Your example is time series data and implies that you have tsset the data. You don't say whether you also have panel or longitudinal structure. I will assume the worst and assume the latter as it doesn't make the code much worse. So, suppose tsset id date. In fact, that's irrelevant to the code here except to make explicit my assumption that id is an identifier and date a time variable.
An unattractive way to do this is to loop over observations. Suppose window is set to 42.
local window = 42
gen max = .
tsset id date
quietly forval i = 1/`=_N' {
su ctr if inrange(date, date[`i'] - `window', date[`i']) & id == id[`i'], meanonly
replace max = r(max) in `i'
}
So, in words as well: summarize values of ctr if date within window and it's in the same panel (same id), and put the maximum in the current observation.
The meanonly option is not well named. It calculates some other quantities besides the mean, and the maximum is one. But you do want the meanonly option to make summarize go as fast as possible.

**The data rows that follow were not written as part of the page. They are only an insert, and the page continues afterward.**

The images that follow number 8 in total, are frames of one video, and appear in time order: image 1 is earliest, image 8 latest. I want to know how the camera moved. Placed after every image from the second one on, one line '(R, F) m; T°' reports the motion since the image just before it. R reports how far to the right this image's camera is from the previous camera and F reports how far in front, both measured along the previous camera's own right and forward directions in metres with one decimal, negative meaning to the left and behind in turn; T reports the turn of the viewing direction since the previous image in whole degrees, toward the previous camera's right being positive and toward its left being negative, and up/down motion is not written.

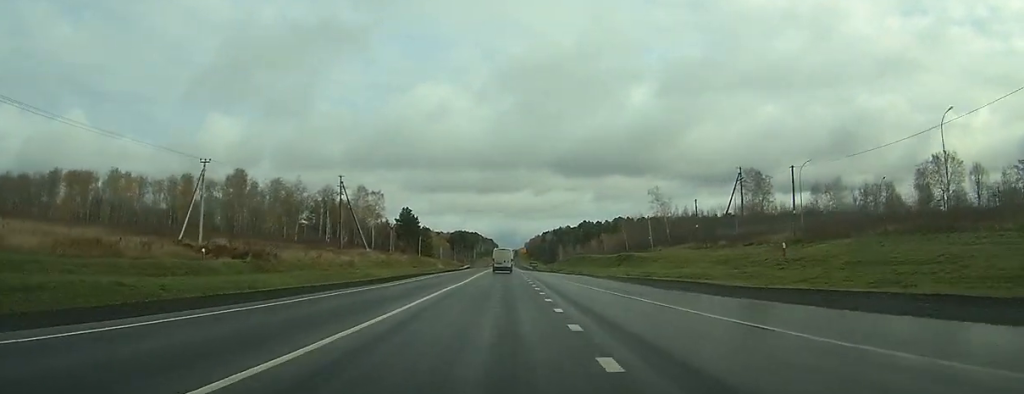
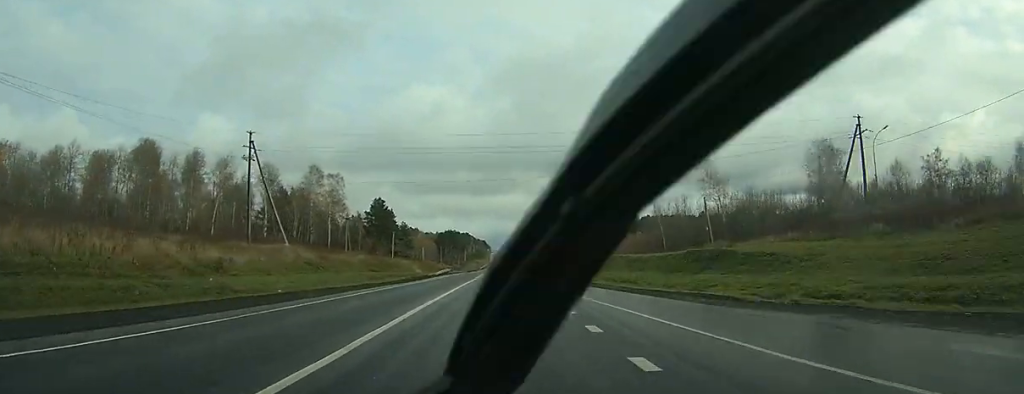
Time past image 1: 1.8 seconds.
(-0.2, +39.3) m; 0°
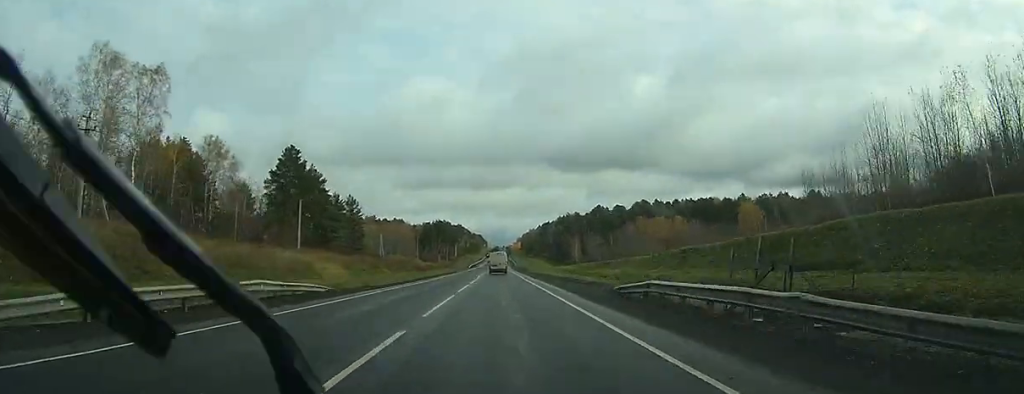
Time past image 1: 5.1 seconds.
(+0.2, +80.6) m; 0°
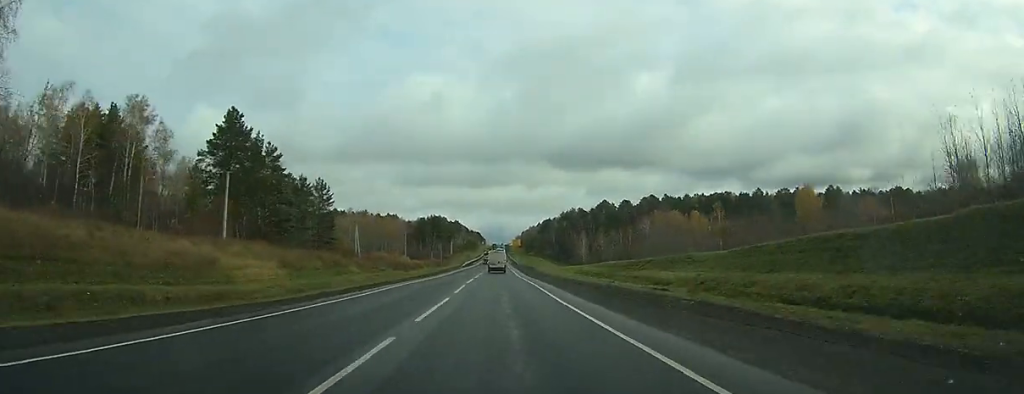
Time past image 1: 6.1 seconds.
(0.0, +25.1) m; 0°
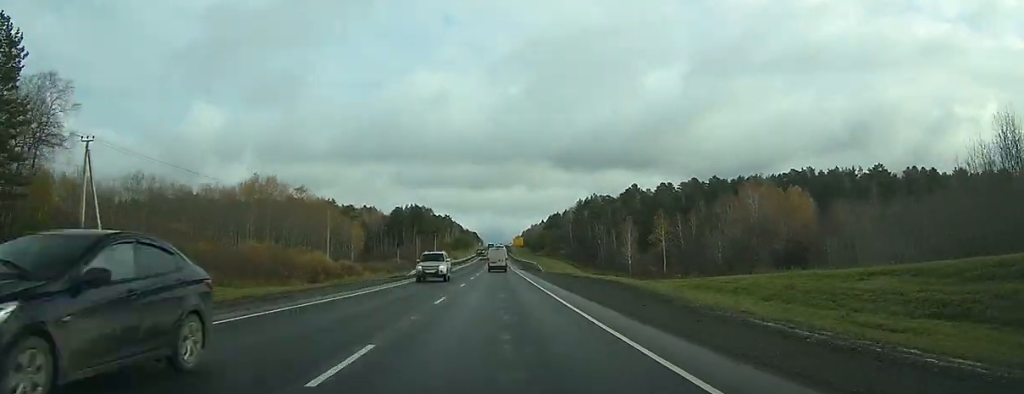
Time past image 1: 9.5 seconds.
(+0.1, +83.4) m; 0°
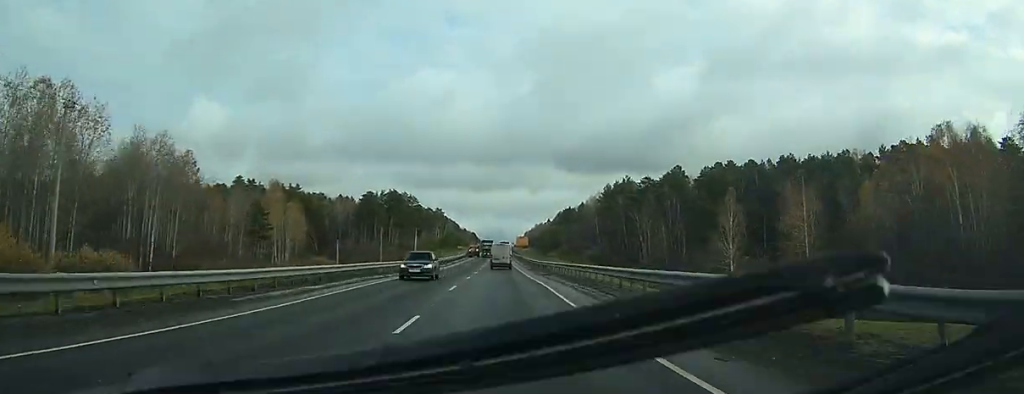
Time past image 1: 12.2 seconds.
(-0.4, +63.9) m; 0°
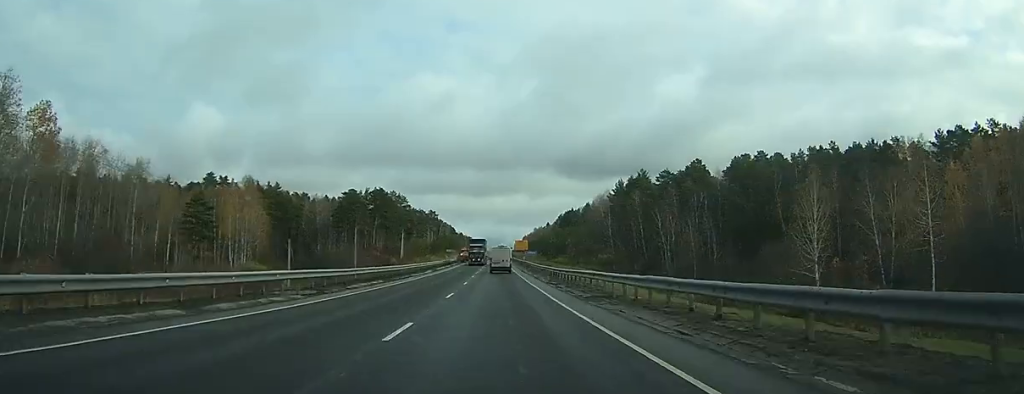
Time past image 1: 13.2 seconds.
(+0.1, +25.3) m; 0°
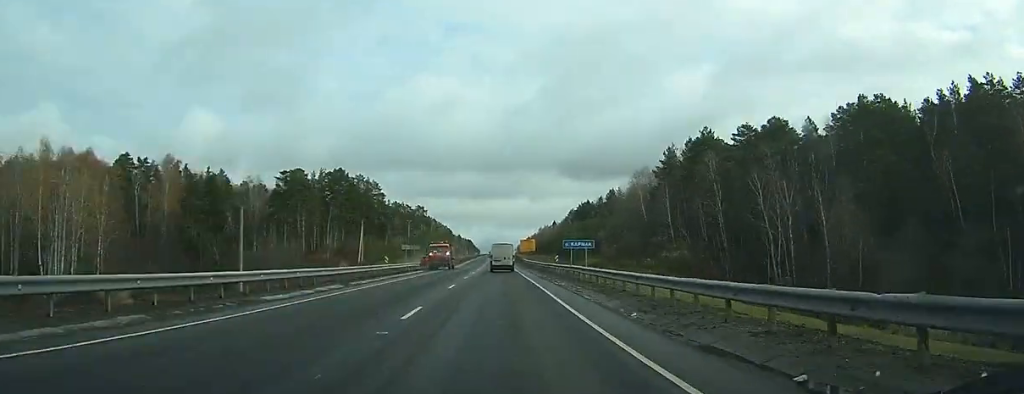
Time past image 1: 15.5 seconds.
(0.0, +59.6) m; 0°

See my 2007 paper on events in intervals, freely available at http://www.stata-journal.com/sjpdf.html?articlenum=pr0033
I say unattractive, but this approach does have the advantage that it is easy to work with once you understand it.
I am not setting up an expression with lots of arguments to max(). You said 200 as an example and nothing stated that you might not ask for more, so far as I can see there may be no upper limit on window length, but there will be a limit on how complicated that expression can be.
If I think of a better way to do it, I'll post it. Or someone else will....
It seems like I can pass a string of arguments to max, like so:
* OPTION 1: compute running max by days *
foreach iv in $ivs {
* does not make sense for less than two days *
if `iv' < 2 continue
di "computing running max for ctr interval `iv'"
* set high for this amount of days *
local vars "ctr"
forval i = 1 / `iv' {
local vars "`vars', L`i'.ctr"
}
by tid: gen ctrh`iv' = max(`vars')
}
* OPTION 2: compute running max by days, ensuring that entire range is nonmissing *
foreach iv in $ivs {
* does not make sense for less than two days *
if `iv' < 2 continue
di "computing running max for ctr interval `iv'"
* set high for this amount of days *
local vars "ctr"
local condition "!missing(ctr)"
forval i = 1 / `iv' {
local vars "`vars', L`i'.ctr"
local condition "`condition' & !missing(L`i'.ctr)"
}
by tid: gen ctrh`iv' = max(`vars') if `condition'
}
This computes very quickly and does exactly what I need.
However, if you need an arbitrarily large window I think you should resort to Nick's answer.